Blasphemous use of the name of God the Father, or Jesus Christ, or of the saints must not be permitted, of course. If your child uses blasphemous expressions in your presence, he probably has heard adults use them and considers them suitable, or he is bringing them home as an experiment. You should tell him that our love of God must be so strong, and our gratitude for His goodness so great, that we must never use His name in any but the most respectful way. A child should be punished if he continues to take the Lord's name in vain after you have explained why he should not do so, for reverence for God must be the cornerstone of our religious belief and practice. Without it, true Christian lives will be difficult to achieve.

If, in spite of punishment such as the deprivation of privileges, your child persists in blaspheming God, look to his environment. It is almost certain that he is in contact with an adult who blasphemes as a matter of habit. If you cannot remove your child from this influence, ask the offending adult to stop his habit because he is exerting an extremely harmful influence upon your child.

Don't stress sin too much. In giving your child the moral training he needs, avoid the extreme of referring to all of his transgressions in terms of how they will affect his relations with God. It is true that parents must never encourage children to be lax about moral matters, for a sin is always hateful in the eyes of God. Nevertheless, some parents--fortunately a very tiny minority--use their child's religious sense as a weapon to force him to do things which should not normally be expected of him. A mother discovered that she could get her daughter to comply instantly with her commands if she accused her of "sinful disobedience" for failing to do so. Soon the mother had a means at her disposal to force the child to do excessive amounts of housework. As a result, the girl grew up lacking respect for authority and with a scornful attitude toward all the commandments.

When parents constantly thunder about sin, their children may develop an abnormal fear of God, viewing Him as a judge who will thrash them for the slightest offense. Such children may come to lose their trust in God's mercy--a trust they will need in later life to meet the crosses which will inevitably be theirs to bear.

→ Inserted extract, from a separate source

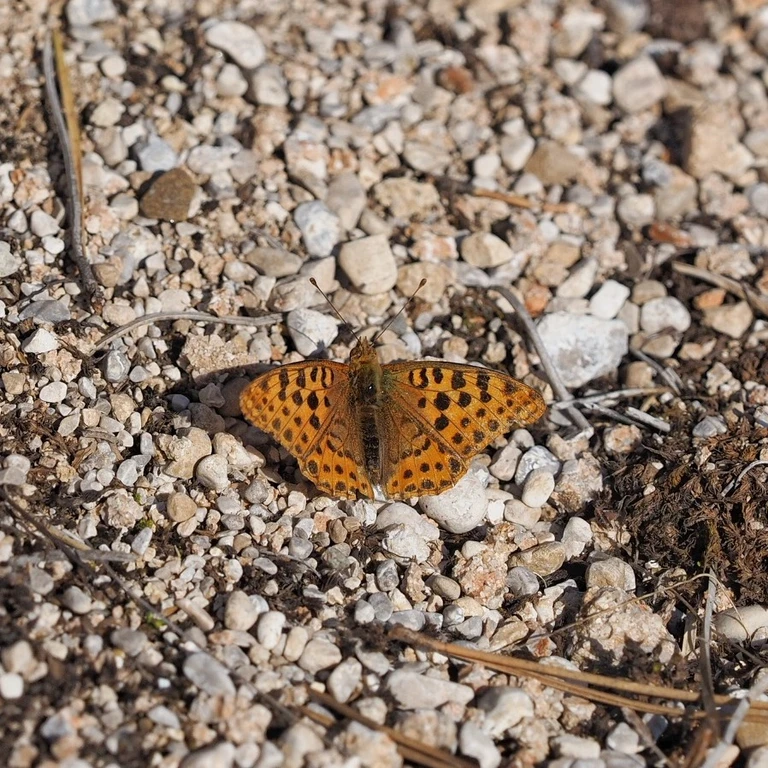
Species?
Issoria lathonia
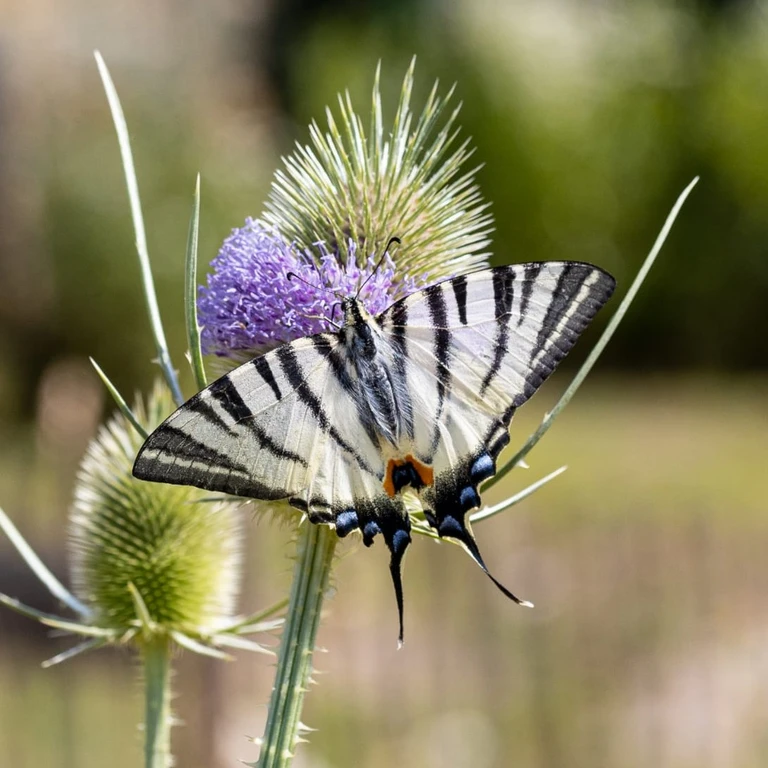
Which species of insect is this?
Iphiclides podalirius

In his book "Your Child's World," Dr. Odenwald describes a nine-year- old patient who had become so terrified of the dark that he had extreme difficulty in sleeping. "This boy feared that because of his sins-- really not sins at all but rather the normal actions of a boy his age-- he would be severely punished by the Almighty," Dr. Odenwald writes. "Another boy reached the point where he confessed his sins to the priest on Saturday, but felt unworthy to receive Communion on Sunday because he might have offended God unwittingly by committing some mild offense. A five-year-old girl, who was attending a Sunday School, was so impressed by a sermon on hell and damnation that she could not get it out of her mind. Because of her one-sided introduction to the idea of punishment for sins, she displayed psychotic tendencies even at this early stage."

Attitudes on confession. Most Catholic parents fully respect their child's right to privacy in regard to confession. Of course, you should not question him about what he told the priest, or what the priest told him. To do so would be depriving him of the right to privacy in confessional matters which is his. His decision to receive or not receive the sacraments of Penance and the Holy Eucharist also must be his to make.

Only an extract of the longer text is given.